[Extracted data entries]
****************************************
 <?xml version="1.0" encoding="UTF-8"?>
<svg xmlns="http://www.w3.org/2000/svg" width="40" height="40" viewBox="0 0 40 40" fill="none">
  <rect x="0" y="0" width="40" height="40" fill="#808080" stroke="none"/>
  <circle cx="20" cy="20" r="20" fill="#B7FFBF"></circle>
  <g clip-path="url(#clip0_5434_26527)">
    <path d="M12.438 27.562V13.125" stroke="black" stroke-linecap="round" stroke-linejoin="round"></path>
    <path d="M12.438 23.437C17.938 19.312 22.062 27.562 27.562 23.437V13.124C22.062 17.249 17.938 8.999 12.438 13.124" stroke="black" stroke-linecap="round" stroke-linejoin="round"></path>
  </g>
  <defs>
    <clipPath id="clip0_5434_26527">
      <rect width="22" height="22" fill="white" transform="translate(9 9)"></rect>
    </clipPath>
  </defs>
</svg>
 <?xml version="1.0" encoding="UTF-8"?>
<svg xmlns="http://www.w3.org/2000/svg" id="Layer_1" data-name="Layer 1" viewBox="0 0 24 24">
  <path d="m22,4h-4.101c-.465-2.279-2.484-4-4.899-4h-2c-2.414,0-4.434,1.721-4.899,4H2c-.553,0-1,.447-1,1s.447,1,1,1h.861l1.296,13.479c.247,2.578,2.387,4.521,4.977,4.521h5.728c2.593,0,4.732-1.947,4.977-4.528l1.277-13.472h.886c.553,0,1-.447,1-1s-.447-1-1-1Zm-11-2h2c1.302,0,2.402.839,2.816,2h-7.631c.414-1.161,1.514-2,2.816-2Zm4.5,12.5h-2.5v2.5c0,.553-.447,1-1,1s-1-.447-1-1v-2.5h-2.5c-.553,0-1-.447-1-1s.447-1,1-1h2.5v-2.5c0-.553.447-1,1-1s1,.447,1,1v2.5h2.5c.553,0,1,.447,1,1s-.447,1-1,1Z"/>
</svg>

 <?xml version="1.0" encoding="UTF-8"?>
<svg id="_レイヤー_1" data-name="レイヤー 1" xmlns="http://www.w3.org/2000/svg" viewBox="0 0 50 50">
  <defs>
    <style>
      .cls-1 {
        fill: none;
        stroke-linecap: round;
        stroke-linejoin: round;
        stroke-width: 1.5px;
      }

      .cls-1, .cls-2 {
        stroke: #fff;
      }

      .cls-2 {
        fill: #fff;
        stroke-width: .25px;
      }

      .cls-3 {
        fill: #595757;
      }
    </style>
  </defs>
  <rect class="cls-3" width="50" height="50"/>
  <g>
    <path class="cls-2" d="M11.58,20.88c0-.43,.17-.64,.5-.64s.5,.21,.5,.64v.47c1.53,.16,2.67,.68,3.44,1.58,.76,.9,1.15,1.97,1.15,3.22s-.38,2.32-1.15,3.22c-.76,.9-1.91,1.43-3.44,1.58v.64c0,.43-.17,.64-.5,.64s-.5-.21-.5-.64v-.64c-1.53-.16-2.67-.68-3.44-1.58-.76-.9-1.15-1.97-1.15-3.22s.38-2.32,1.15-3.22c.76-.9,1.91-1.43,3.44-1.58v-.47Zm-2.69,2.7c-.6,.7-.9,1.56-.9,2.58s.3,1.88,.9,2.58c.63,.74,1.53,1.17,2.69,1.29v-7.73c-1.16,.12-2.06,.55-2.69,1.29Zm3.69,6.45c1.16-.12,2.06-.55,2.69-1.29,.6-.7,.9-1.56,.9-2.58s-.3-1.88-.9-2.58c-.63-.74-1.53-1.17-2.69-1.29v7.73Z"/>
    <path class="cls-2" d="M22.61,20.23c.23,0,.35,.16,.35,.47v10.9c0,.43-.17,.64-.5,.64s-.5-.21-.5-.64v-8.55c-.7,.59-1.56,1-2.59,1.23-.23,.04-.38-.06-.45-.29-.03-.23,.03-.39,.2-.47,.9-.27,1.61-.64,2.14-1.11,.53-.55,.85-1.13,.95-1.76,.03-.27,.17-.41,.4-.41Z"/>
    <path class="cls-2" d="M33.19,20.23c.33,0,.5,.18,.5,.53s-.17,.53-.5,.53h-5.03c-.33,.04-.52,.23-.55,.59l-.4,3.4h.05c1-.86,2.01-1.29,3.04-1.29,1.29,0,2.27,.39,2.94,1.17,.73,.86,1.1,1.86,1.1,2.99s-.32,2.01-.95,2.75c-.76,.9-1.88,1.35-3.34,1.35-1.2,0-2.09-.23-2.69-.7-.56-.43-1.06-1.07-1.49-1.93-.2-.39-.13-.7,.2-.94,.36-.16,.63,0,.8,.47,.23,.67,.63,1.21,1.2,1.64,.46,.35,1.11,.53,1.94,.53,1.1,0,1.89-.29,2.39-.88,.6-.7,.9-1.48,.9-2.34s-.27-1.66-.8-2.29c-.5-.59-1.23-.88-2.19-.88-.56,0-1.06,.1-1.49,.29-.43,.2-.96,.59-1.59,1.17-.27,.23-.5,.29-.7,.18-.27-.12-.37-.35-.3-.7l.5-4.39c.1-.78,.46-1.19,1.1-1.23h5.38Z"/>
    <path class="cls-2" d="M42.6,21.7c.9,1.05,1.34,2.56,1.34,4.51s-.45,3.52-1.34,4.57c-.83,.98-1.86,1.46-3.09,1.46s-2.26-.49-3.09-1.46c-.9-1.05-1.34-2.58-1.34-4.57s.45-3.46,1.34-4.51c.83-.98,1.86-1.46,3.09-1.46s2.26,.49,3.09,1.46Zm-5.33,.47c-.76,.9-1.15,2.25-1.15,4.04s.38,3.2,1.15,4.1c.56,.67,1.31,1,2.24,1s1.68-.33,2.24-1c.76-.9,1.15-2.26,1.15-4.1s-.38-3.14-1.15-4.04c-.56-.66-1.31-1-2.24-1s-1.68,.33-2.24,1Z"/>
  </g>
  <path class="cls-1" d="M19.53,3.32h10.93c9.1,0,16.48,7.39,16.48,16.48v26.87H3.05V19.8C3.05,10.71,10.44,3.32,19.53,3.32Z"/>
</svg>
****************************************
— Activity —
Above are the records; retype them all without a single difference.

— Task result —
 <?xml version="1.0" encoding="UTF-8"?>
<svg xmlns="http://www.w3.org/2000/svg" width="40" height="40" viewBox="0 0 40 40" fill="none">
  <rect x="0" y="0" width="40" height="40" fill="#808080" stroke="none"/>
  <circle cx="20" cy="20" r="20" fill="#B7FFBF"></circle>
  <g clip-path="url(#clip0_5434_26527)">
    <path d="M12.438 27.562V13.125" stroke="black" stroke-linecap="round" stroke-linejoin="round"></path>
    <path d="M12.438 23.437C17.938 19.312 22.062 27.562 27.562 23.437V13.124C22.062 17.249 17.938 8.999 12.438 13.124" stroke="black" stroke-linecap="round" stroke-linejoin="round"></path>
  </g>
  <defs>
    <clipPath id="clip0_5434_26527">
      <rect width="22" height="22" fill="white" transform="translate(9 9)"></rect>
    </clipPath>
  </defs>
</svg>
 <?xml version="1.0" encoding="UTF-8"?>
<svg xmlns="http://www.w3.org/2000/svg" id="Layer_1" data-name="Layer 1" viewBox="0 0 24 24">
  <path d="m22,4h-4.101c-.465-2.279-2.484-4-4.899-4h-2c-2.414,0-4.434,1.721-4.899,4H2c-.553,0-1,.447-1,1s.447,1,1,1h.861l1.296,13.479c.247,2.578,2.387,4.521,4.977,4.521h5.728c2.593,0,4.732-1.947,4.977-4.528l1.277-13.472h.886c.553,0,1-.447,1-1s-.447-1-1-1Zm-11-2h2c1.302,0,2.402.839,2.816,2h-7.631c.414-1.161,1.514-2,2.816-2Zm4.5,12.5h-2.5v2.5c0,.553-.447,1-1,1s-1-.447-1-1v-2.5h-2.5c-.553,0-1-.447-1-1s.447-1,1-1h2.5v-2.5c0-.553.447-1,1-1s1,.447,1,1v2.5h2.5c.553,0,1,.447,1,1s-.447,1-1,1Z"/>
</svg>

 <?xml version="1.0" encoding="UTF-8"?>
<svg id="_レイヤー_1" data-name="レイヤー 1" xmlns="http://www.w3.org/2000/svg" viewBox="0 0 50 50">
  <defs>
    <style>
      .cls-1 {
        fill: none;
        stroke-linecap: round;
        stroke-linejoin: round;
        stroke-width: 1.5px;
      }

      .cls-1, .cls-2 {
        stroke: #fff;
      }

      .cls-2 {
        fill: #fff;
        stroke-width: .25px;
      }

      .cls-3 {
        fill: #595757;
      }
    </style>
  </defs>
  <rect class="cls-3" width="50" height="50"/>
  <g>
    <path class="cls-2" d="M11.58,20.88c0-.43,.17-.64,.5-.64s.5,.21,.5,.64v.47c1.53,.16,2.67,.68,3.44,1.58,.76,.9,1.15,1.97,1.15,3.22s-.38,2.32-1.15,3.22c-.76,.9-1.91,1.43-3.44,1.58v.64c0,.43-.17,.64-.5,.64s-.5-.21-.5-.64v-.64c-1.53-.16-2.67-.68-3.44-1.58-.76-.9-1.15-1.97-1.15-3.22s.38-2.32,1.15-3.22c.76-.9,1.91-1.43,3.44-1.58v-.47Zm-2.69,2.7c-.6,.7-.9,1.56-.9,2.58s.3,1.88,.9,2.58c.63,.74,1.53,1.17,2.69,1.29v-7.73c-1.16,.12-2.06,.55-2.69,1.29Zm3.69,6.45c1.16-.12,2.06-.55,2.69-1.29,.6-.7,.9-1.56,.9-2.58s-.3-1.88-.9-2.58c-.63-.74-1.53-1.17-2.69-1.29v7.73Z"/>
    <path class="cls-2" d="M22.61,20.23c.23,0,.35,.16,.35,.47v10.9c0,.43-.17,.64-.5,.64s-.5-.21-.5-.64v-8.55c-.7,.59-1.56,1-2.59,1.23-.23,.04-.38-.06-.45-.29-.03-.23,.03-.39,.2-.47,.9-.27,1.61-.64,2.14-1.11,.53-.55,.85-1.13,.95-1.76,.03-.27,.17-.41,.4-.41Z"/>
    <path class="cls-2" d="M33.19,20.23c.33,0,.5,.18,.5,.53s-.17,.53-.5,.53h-5.03c-.33,.04-.52,.23-.55,.59l-.4,3.4h.05c1-.86,2.01-1.29,3.04-1.29,1.29,0,2.27,.39,2.94,1.17,.73,.86,1.1,1.86,1.1,2.99s-.32,2.01-.95,2.75c-.76,.9-1.88,1.35-3.34,1.35-1.2,0-2.09-.23-2.69-.7-.56-.43-1.06-1.07-1.49-1.93-.2-.39-.13-.7,.2-.94,.36-.16,.63,0,.8,.47,.23,.67,.63,1.21,1.2,1.64,.46,.35,1.11,.53,1.94,.53,1.1,0,1.89-.29,2.39-.88,.6-.7,.9-1.48,.9-2.34s-.27-1.66-.8-2.29c-.5-.59-1.23-.88-2.19-.88-.56,0-1.06,.1-1.49,.29-.43,.2-.96,.59-1.59,1.17-.27,.23-.5,.29-.7,.18-.27-.12-.37-.35-.3-.7l.5-4.39c.1-.78,.46-1.19,1.1-1.23h5.38Z"/>
    <path class="cls-2" d="M42.6,21.7c.9,1.05,1.34,2.56,1.34,4.51s-.45,3.52-1.34,4.57c-.83,.98-1.86,1.46-3.09,1.46s-2.26-.49-3.09-1.46c-.9-1.05-1.34-2.58-1.34-4.57s.45-3.46,1.34-4.51c.83-.98,1.86-1.46,3.09-1.46s2.26,.49,3.09,1.46Zm-5.33,.47c-.76,.9-1.15,2.25-1.15,4.04s.38,3.2,1.15,4.1c.56,.67,1.31,1,2.24,1s1.68-.33,2.24-1c.76-.9,1.15-2.26,1.15-4.1s-.38-3.14-1.15-4.04c-.56-.66-1.31-1-2.24-1s-1.68,.33-2.24,1Z"/>
  </g>
  <path class="cls-1" d="M19.53,3.32h10.93c9.1,0,16.48,7.39,16.48,16.48v26.87H3.05V19.8C3.05,10.71,10.44,3.32,19.53,3.32Z"/>
</svg>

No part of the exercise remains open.